◆ **Exercise requirements**:
From the listing below, copy only the lines from the line that contains "1.) Mittheilung an" to the line that contains "Protokollauszug aus dopt.", counting those two lines as part of the copy.
↓
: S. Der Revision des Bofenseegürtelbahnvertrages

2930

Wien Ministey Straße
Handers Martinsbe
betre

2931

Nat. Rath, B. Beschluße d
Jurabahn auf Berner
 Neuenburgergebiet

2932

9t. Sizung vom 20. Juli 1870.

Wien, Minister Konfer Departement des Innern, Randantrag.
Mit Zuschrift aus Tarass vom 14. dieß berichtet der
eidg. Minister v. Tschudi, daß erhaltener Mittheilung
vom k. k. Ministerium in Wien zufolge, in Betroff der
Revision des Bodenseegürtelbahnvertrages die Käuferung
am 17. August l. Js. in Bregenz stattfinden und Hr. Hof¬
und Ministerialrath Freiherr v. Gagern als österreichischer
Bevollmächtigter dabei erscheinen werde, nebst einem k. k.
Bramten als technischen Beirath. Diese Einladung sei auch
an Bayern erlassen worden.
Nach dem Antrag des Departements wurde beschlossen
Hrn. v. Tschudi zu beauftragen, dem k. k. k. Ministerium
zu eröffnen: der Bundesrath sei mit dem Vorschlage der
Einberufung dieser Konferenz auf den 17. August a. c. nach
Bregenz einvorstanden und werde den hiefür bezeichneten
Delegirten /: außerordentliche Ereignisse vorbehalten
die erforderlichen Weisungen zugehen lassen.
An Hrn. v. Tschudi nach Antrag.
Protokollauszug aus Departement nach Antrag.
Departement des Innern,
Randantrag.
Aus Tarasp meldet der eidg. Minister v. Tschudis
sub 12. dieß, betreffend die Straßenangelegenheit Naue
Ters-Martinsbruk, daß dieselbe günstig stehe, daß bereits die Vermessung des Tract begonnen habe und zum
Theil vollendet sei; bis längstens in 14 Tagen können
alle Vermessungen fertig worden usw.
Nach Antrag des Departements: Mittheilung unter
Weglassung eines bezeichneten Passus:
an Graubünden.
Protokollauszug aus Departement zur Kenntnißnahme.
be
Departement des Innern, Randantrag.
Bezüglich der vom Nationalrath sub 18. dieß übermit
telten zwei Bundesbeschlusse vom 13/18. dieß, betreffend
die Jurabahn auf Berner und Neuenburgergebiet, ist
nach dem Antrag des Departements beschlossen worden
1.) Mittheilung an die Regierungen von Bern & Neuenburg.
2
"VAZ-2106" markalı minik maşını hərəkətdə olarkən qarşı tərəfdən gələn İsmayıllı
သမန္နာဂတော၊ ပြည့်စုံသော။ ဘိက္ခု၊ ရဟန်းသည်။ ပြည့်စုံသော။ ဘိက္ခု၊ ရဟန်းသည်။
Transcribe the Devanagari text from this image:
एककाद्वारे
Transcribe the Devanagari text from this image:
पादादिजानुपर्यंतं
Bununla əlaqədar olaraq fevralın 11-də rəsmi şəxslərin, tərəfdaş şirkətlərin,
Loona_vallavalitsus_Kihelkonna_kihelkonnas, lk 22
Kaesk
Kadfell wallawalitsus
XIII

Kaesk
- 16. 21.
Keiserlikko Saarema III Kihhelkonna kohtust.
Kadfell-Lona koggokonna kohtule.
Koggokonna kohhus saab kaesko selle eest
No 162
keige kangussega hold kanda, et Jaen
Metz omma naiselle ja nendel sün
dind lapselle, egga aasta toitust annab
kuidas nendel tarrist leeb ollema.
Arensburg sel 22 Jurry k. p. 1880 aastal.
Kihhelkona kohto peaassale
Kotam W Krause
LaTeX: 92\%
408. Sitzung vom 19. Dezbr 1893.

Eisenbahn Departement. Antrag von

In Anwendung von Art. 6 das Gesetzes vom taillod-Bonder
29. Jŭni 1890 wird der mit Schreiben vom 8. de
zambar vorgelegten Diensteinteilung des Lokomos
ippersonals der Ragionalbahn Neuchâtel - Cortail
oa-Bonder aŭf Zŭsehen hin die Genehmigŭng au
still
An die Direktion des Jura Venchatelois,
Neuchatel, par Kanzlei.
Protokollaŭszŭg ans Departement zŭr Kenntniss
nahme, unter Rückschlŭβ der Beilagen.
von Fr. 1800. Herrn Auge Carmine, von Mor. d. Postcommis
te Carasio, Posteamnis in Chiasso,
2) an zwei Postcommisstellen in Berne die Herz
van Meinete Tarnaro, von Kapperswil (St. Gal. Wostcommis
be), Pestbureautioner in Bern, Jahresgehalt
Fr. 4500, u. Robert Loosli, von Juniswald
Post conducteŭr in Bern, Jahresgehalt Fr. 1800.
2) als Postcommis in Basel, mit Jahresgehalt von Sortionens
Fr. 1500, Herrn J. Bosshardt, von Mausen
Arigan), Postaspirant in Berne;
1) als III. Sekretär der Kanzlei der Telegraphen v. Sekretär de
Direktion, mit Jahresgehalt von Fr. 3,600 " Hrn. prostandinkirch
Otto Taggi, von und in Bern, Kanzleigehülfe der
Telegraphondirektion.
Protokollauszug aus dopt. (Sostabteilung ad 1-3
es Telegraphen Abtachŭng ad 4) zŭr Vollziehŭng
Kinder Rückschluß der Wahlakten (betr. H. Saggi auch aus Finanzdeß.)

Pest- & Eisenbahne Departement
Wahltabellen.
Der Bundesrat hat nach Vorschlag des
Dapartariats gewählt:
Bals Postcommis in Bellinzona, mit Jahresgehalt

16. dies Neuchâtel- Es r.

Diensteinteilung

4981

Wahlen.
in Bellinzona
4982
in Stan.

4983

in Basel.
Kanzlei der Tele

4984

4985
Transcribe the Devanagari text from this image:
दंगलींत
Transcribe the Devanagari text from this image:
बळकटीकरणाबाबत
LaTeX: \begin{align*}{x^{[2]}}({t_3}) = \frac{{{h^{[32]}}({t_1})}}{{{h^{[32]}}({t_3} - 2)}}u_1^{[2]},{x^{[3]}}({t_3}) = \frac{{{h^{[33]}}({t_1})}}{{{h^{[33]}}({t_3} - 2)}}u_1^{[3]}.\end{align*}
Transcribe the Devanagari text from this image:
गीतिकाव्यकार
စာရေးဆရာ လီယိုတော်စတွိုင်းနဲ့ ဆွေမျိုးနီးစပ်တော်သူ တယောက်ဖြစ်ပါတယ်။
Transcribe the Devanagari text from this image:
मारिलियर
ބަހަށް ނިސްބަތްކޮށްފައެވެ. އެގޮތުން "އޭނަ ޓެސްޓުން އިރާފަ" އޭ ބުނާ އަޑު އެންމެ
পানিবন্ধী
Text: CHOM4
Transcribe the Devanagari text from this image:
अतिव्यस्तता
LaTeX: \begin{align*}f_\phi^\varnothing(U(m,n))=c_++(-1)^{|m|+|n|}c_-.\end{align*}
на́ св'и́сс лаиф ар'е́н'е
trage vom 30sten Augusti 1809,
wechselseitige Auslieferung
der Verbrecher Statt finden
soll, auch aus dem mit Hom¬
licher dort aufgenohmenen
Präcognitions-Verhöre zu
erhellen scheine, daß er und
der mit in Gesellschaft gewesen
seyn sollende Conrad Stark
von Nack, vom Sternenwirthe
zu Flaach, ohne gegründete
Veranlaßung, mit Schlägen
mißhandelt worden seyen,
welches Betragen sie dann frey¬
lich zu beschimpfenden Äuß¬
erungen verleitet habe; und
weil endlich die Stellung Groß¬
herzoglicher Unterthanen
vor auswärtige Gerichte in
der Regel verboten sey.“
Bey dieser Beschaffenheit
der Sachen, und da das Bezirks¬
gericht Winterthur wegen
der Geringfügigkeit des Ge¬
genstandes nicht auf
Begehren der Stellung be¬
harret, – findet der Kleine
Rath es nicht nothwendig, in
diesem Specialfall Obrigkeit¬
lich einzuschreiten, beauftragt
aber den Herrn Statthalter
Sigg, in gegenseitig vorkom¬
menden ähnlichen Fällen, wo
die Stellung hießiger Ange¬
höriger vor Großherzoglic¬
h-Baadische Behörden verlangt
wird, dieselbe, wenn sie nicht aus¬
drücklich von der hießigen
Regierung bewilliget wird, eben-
↑
◆ **Answer**:
1.) Mittheilung an die Regierungen von Bern & Neuenburg.
2
"VAZ-2106" markalı minik maşını hərəkətdə olarkən qarşı tərəfdən gələn İsmayıllı
သမန္နာဂတော၊ ပြည့်စုံသော။ ဘိက္ခု၊ ရဟန်းသည်။ ပြည့်စုံသော။ ဘိက္ခု၊ ရဟန်းသည်။
Transcribe the Devanagari text from this image:
एककाद्वारे
Transcribe the Devanagari text from this image:
पादादिजानुपर्यंतं
Bununla əlaqədar olaraq fevralın 11-də rəsmi şəxslərin, tərəfdaş şirkətlərin,
Loona_vallavalitsus_Kihelkonna_kihelkonnas, lk 22
Kaesk
Kadfell wallawalitsus
XIII

Kaesk
- 16. 21.
Keiserlikko Saarema III Kihhelkonna kohtust.
Kadfell-Lona koggokonna kohtule.
Koggokonna kohhus saab kaesko selle eest
No 162
keige kangussega hold kanda, et Jaen
Metz omma naiselle ja nendel sün
dind lapselle, egga aasta toitust annab
kuidas nendel tarrist leeb ollema.
Arensburg sel 22 Jurry k. p. 1880 aastal.
Kihhelkona kohto peaassale
Kotam W Krause
LaTeX: 92\%
408. Sitzung vom 19. Dezbr 1893.

Eisenbahn Departement. Antrag von

In Anwendung von Art. 6 das Gesetzes vom taillod-Bonder
29. Jŭni 1890 wird der mit Schreiben vom 8. de
zambar vorgelegten Diensteinteilung des Lokomos
ippersonals der Ragionalbahn Neuchâtel - Cortail
oa-Bonder aŭf Zŭsehen hin die Genehmigŭng au
still
An die Direktion des Jura Venchatelois,
Neuchatel, par Kanzlei.
Protokollaŭszŭg ans Departement zŭr Kenntniss
nahme, unter Rückschlŭβ der Beilagen.
von Fr. 1800. Herrn Auge Carmine, von Mor. d. Postcommis
te Carasio, Posteamnis in Chiasso,
2) an zwei Postcommisstellen in Berne die Herz
van Meinete Tarnaro, von Kapperswil (St. Gal. Wostcommis
be), Pestbureautioner in Bern, Jahresgehalt
Fr. 4500, u. Robert Loosli, von Juniswald
Post conducteŭr in Bern, Jahresgehalt Fr. 1800.
2) als Postcommis in Basel, mit Jahresgehalt von Sortionens
Fr. 1500, Herrn J. Bosshardt, von Mausen
Arigan), Postaspirant in Berne;
1) als III. Sekretär der Kanzlei der Telegraphen v. Sekretär de
Direktion, mit Jahresgehalt von Fr. 3,600 " Hrn. prostandinkirch
Otto Taggi, von und in Bern, Kanzleigehülfe der
Telegraphondirektion.
Protokollauszug aus dopt. (Sostabteilung ad 1-3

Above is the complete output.